:: Records provided ::
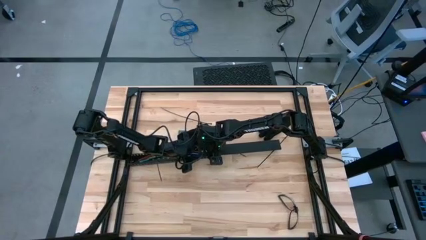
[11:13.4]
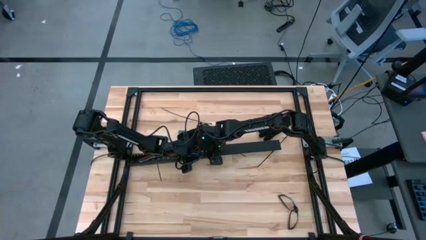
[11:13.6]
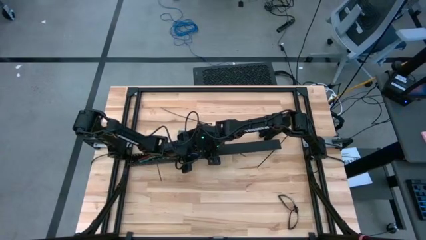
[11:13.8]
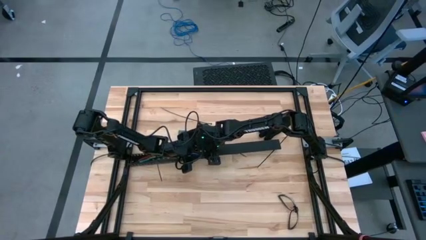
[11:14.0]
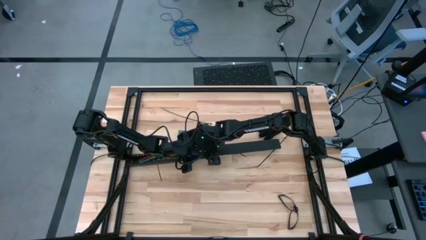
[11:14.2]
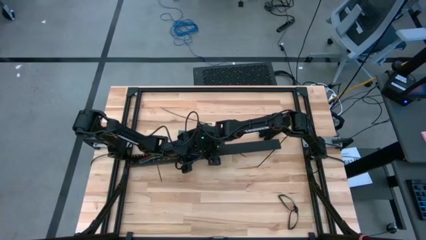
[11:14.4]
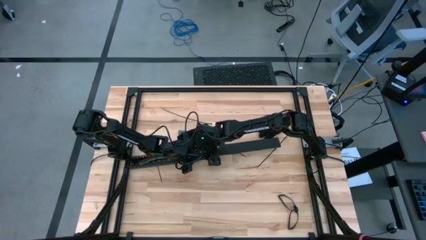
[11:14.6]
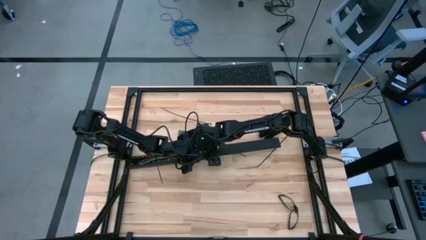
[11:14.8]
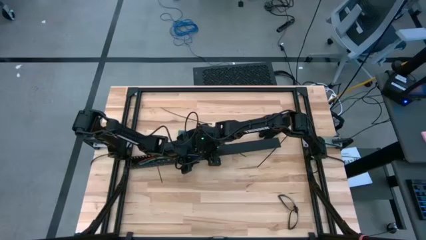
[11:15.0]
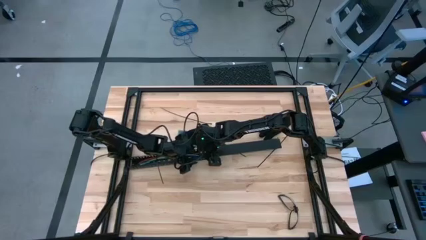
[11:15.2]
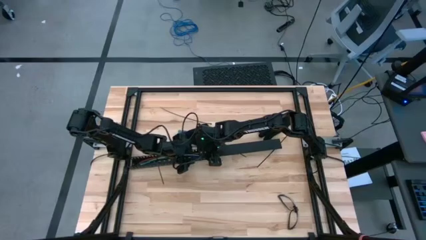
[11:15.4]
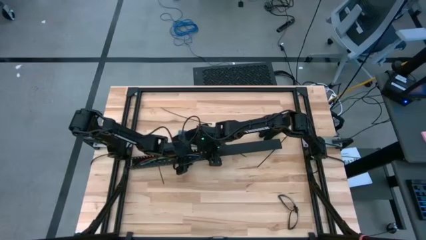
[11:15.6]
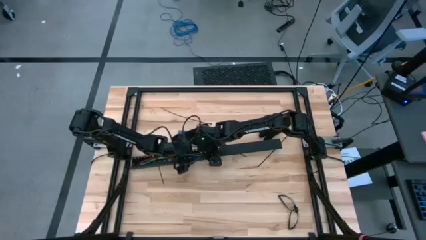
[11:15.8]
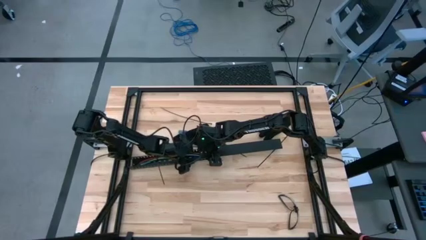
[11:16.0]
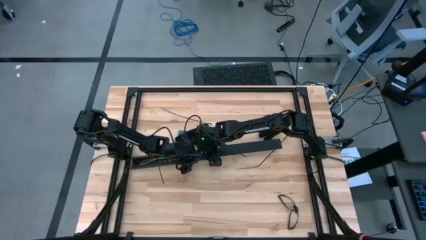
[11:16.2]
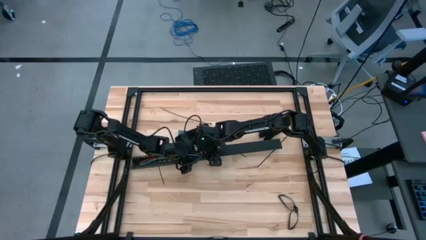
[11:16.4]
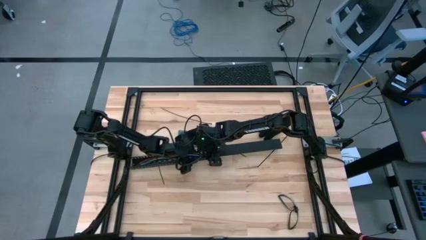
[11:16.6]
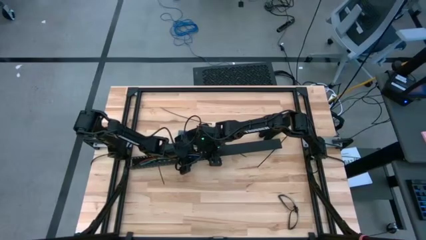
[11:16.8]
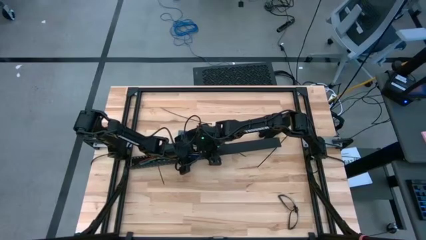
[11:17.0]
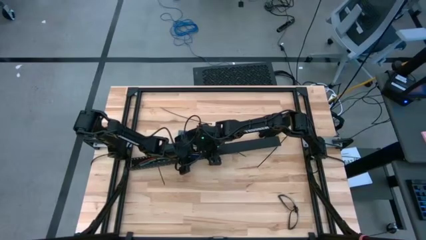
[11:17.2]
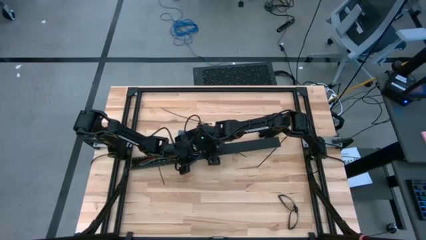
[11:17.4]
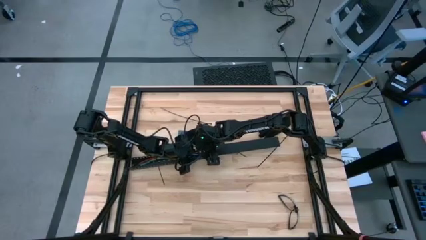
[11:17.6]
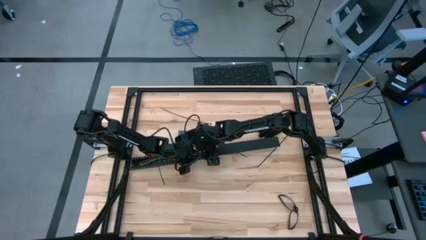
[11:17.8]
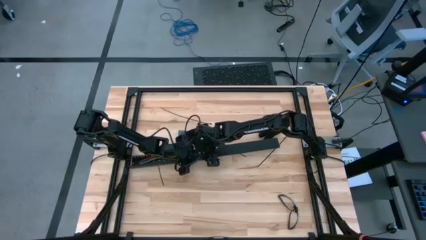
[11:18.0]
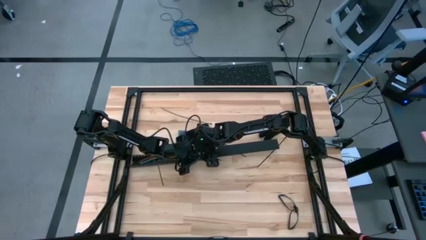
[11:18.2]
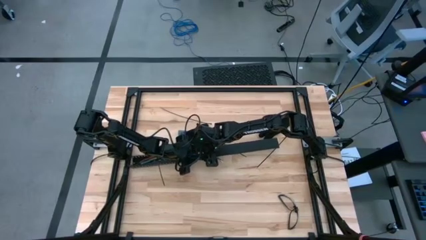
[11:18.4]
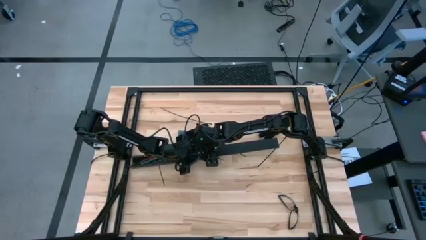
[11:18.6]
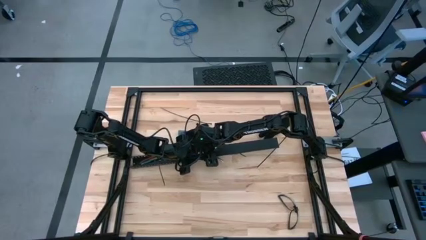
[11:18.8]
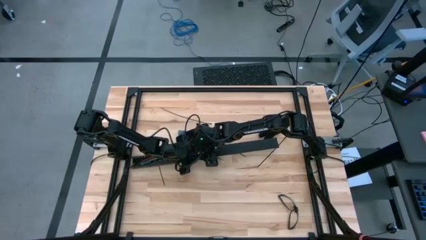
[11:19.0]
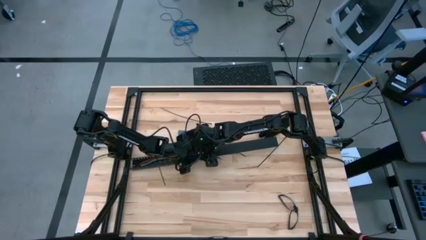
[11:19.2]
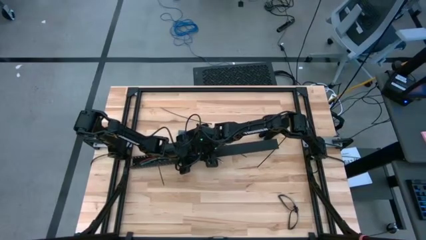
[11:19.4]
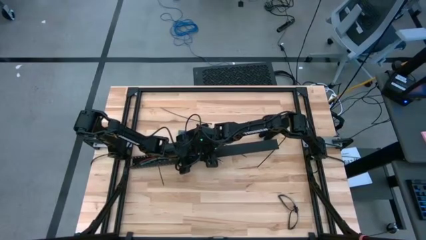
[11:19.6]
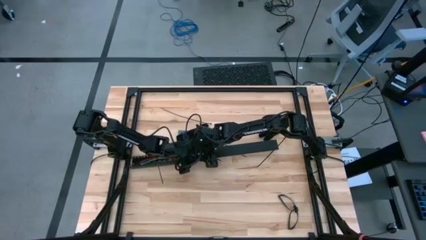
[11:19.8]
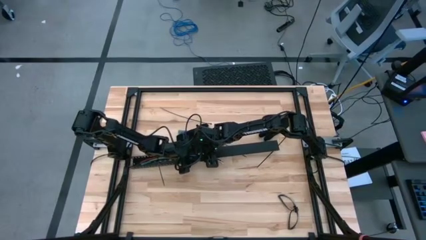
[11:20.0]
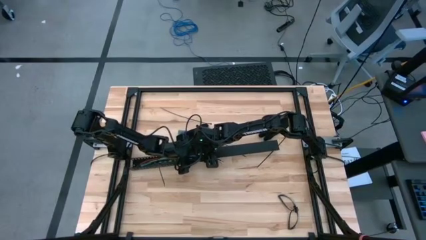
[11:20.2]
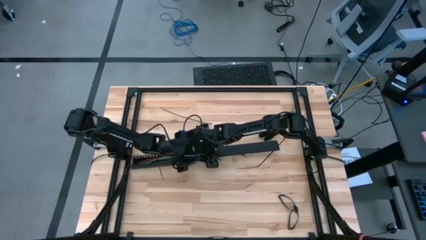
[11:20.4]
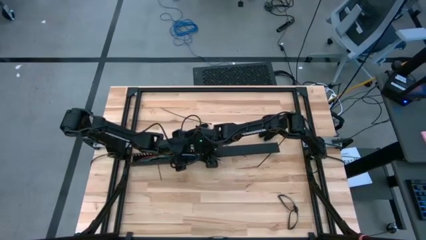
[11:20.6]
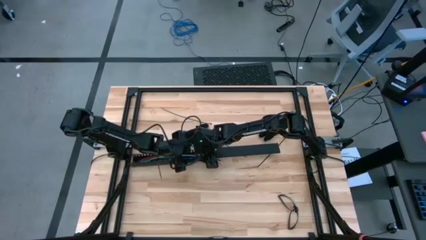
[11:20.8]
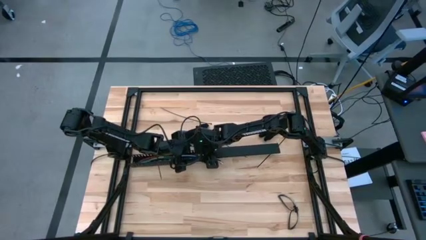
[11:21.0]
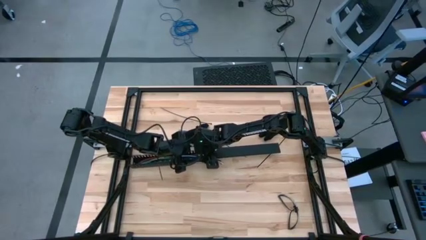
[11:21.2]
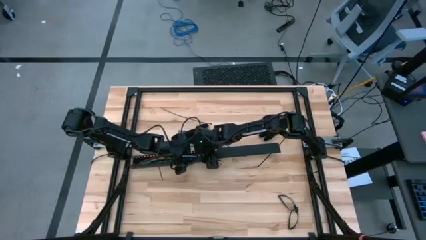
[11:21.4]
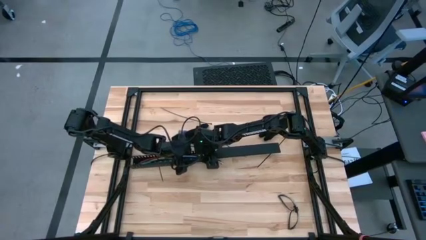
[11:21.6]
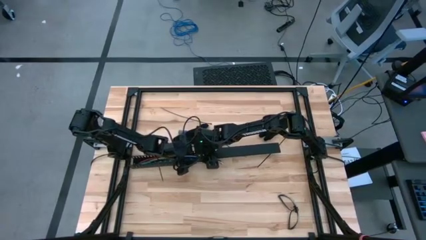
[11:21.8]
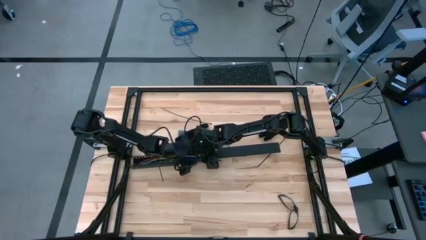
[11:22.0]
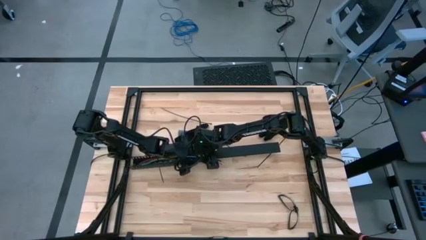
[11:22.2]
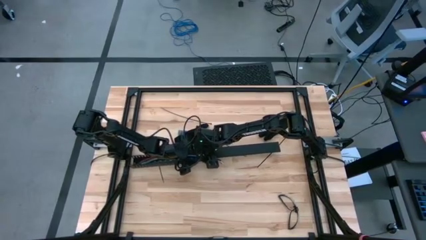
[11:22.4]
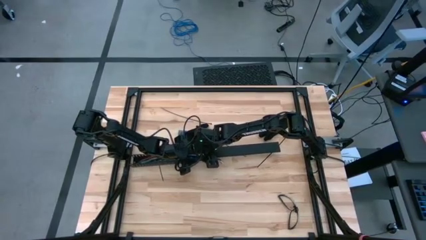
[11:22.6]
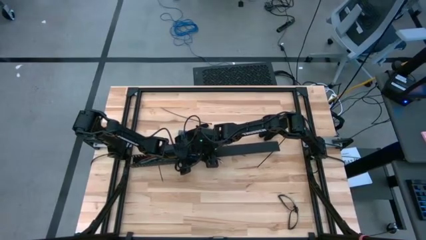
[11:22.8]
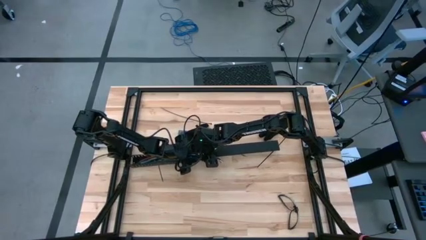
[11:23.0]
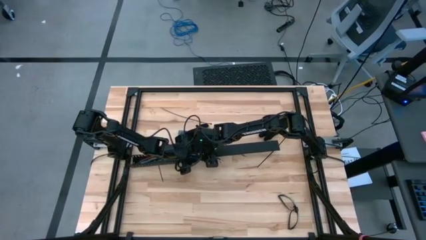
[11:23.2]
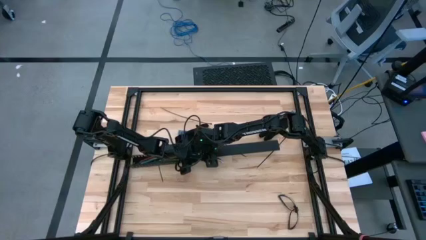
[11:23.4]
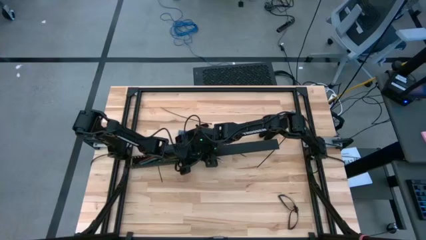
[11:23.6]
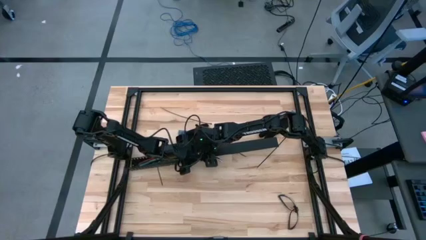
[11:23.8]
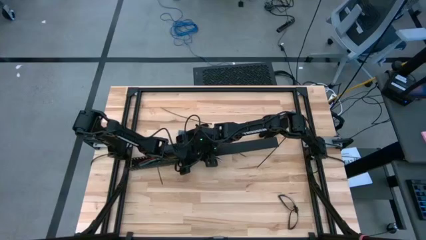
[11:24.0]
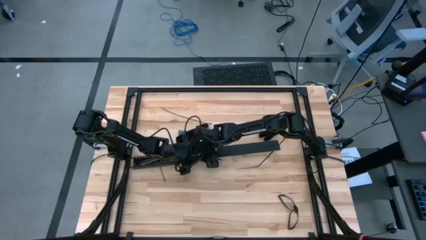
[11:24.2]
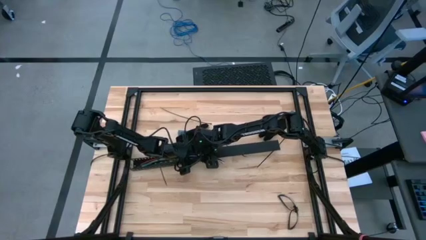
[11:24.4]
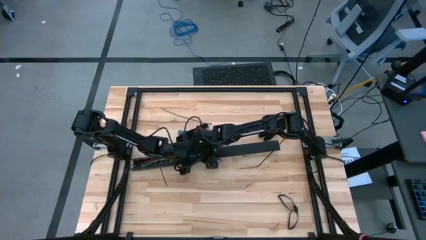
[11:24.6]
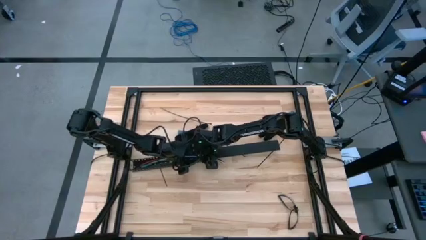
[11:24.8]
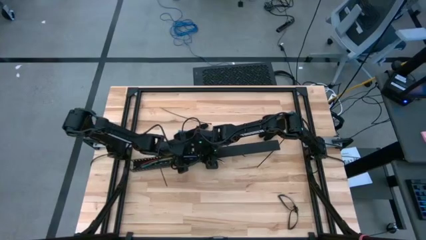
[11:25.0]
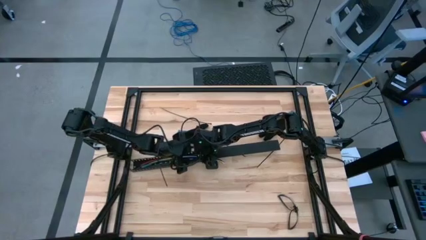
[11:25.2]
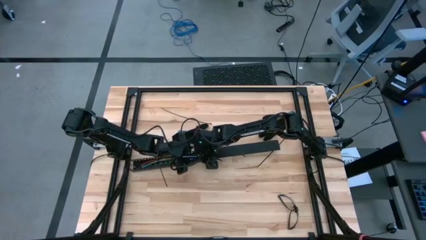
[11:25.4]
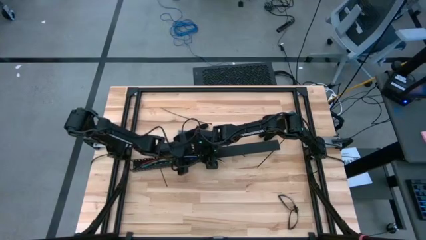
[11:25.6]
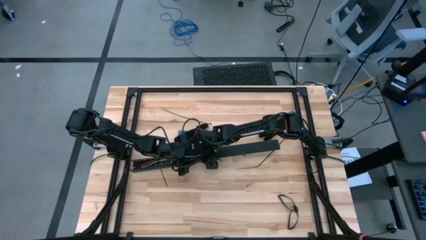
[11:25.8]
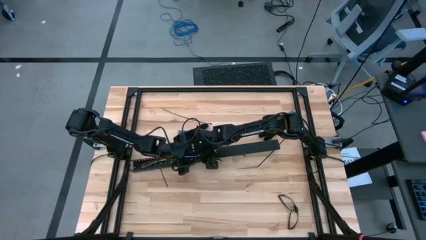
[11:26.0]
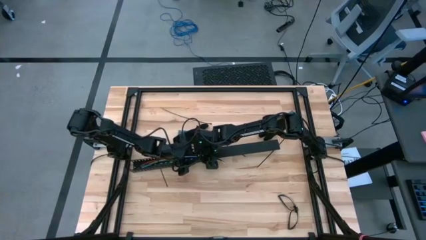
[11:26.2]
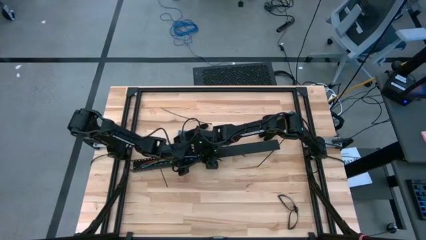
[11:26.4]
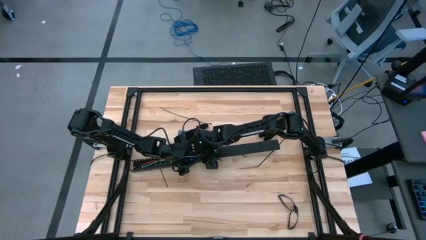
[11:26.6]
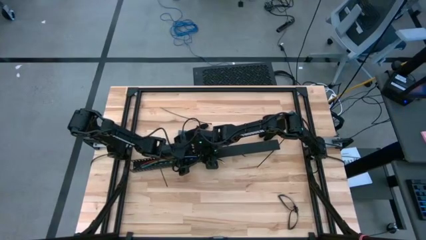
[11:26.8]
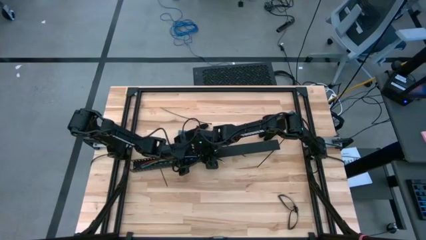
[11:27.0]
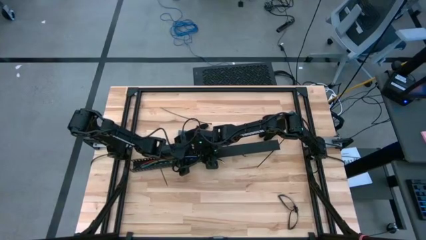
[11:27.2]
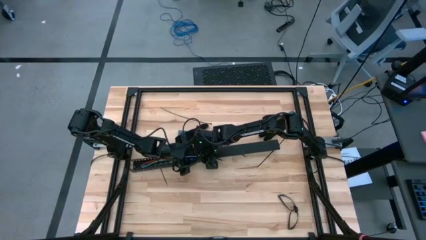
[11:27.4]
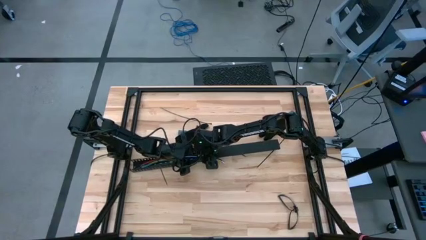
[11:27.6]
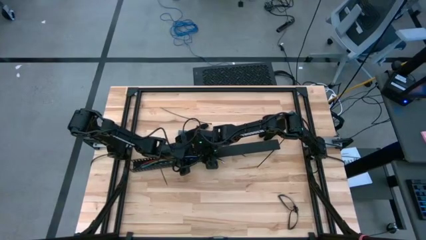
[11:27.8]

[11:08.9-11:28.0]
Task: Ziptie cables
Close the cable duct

:: Exercise details ::
Each entry should come back exactly as written, with its pictures omitted.

:: Reply ::
[11:13.4]
[11:13.6]
[11:13.8]
[11:14.0]
[11:14.2]
[11:14.4]
[11:14.6]
[11:14.8]
[11:15.0]
[11:15.2]
[11:15.4]
[11:15.6]
[11:15.8]
[11:16.0]
[11:16.2]
[11:16.4]
[11:16.6]
[11:16.8]
[11:17.0]
[11:17.2]
[11:17.4]
[11:17.6]
[11:17.8]
[11:18.0]
[11:18.2]
[11:18.4]
[11:18.6]
[11:18.8]
[11:19.0]
[11:19.2]
[11:19.4]
[11:19.6]
[11:19.8]
[11:20.0]
[11:20.2]
[11:20.4]
[11:20.6]
[11:20.8]
[11:21.0]
[11:21.2]
[11:21.4]
[11:21.6]
[11:21.8]
[11:22.0]
[11:22.2]
[11:22.4]
[11:22.6]
[11:22.8]
[11:23.0]
[11:23.2]
[11:23.4]
[11:23.6]
[11:23.8]
[11:24.0]
[11:24.2]
[11:24.4]
[11:24.6]
[11:24.8]
[11:25.0]
[11:25.2]
[11:25.4]
[11:25.6]
[11:25.8]
[11:26.0]
[11:26.2]
[11:26.4]
[11:26.6]
[11:26.8]
[11:27.0]
[11:27.2]
[11:27.4]
[11:27.6]
[11:27.8]

[11:08.9-11:28.0]
Task: Ziptie cables
Close the cable duct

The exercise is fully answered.